Shares in consumer health and hygiene company Reckitt Benckiser (RB.) fell 5.2% to a three-month low of £55.68 after it lowered its full-year revenue growth and operating margin forecast for the second time.
After a ‘disappointing’ third quarter, sales for the year are now seen flat to up 2% compared with a previous forecast of up 2% to 3% and operating margins will see a ‘modest decline’ instead of holding steady.
At the start of the year sales were seen up 3% to 4%, despite a weak first quarter, with the company banking on a second-half rebound to meet its targets. At the half-year stage it revised down its revenue growth forecast saying it still saw improving trends.
However, weak third-quarter sales of consumer health products to retailers in the US and infant formula in China have sunk any hopes of a rebound. In addition, a high level of spending on advertising will eat into profit margins.
AND THE GROWTH IS GONE
Sales of home hygiene products, which make up 40% of group revenues, were up 4.5% on a like-for-like basis last quarter, well ahead of the market which grew by between 2% and 3%.

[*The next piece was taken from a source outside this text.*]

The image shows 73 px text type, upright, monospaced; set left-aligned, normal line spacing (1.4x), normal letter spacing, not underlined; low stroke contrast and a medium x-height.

Growth was ‘broad-based’ across all regions and brands with new products such as Airwick Essential Mist room scent and Lysol laundry sanitiser helping to boost sales.
However the consumer health business, which makes up the other 60% of revenues, suffered a number of headwinds which meant sales were down 0.3% on a like-for-like basis. This was well below the rest of the market which grew by between 3% and 5% on an organic basis.
Higher prices for its products and lower stocking by US retailers ahead of the all-important flu season meant that volumes were down for most categories. US over-the-counter sales were down a whopping 12.3% in dollars on a like-for-like basis in the third quarter.
Meanwhile sales of infant formula in the Chinese market have slowed due to a fall in the birth rate during 2017 and 2018. The firm’s latest reading of market growth is ‘below our medium-term expectations of +3-5%’ which suggests that the fourth quarter could be as bad if not worse than last quarter.
Reckitt’s former chief executive Rakesh Kapoor bet big on China when he pushed through the $16.6bn acquisition of US baby-milk formula maker Mead Johnson Nutrition in 2017.
At the time forecasts for growth in the Chinese market, where MJN was a leading player, were bullish. However, poor execution and a lower birth rate mean that China is now under-performing expectations.
New chief executive Laxman Narasimhan, who took over in September, has plenty to do to revive Reckitt’s fortunes. As well as increasing spending on marketing, which will eat into margins in the short term, he is ‘prioritising execution and operational performance as a matter of urgency’.
He has also ‘made it clear within the organisation that any activities that detract focus and attention from improving our operational performance (should) be paused’.
Other 'nasties' in his in-tray are the legacy costs of the Indivior (INDV) legal case in the US, which the firm has already provisioned for, and the lung-injury lawsuit in South Korea, the final cost of which remains unknown.
Re-setting expectations by lowering full-year guidance is probably sensible, but for the new man to re-boot growth is going to take time. Whether investors are prepared to wait is another matter.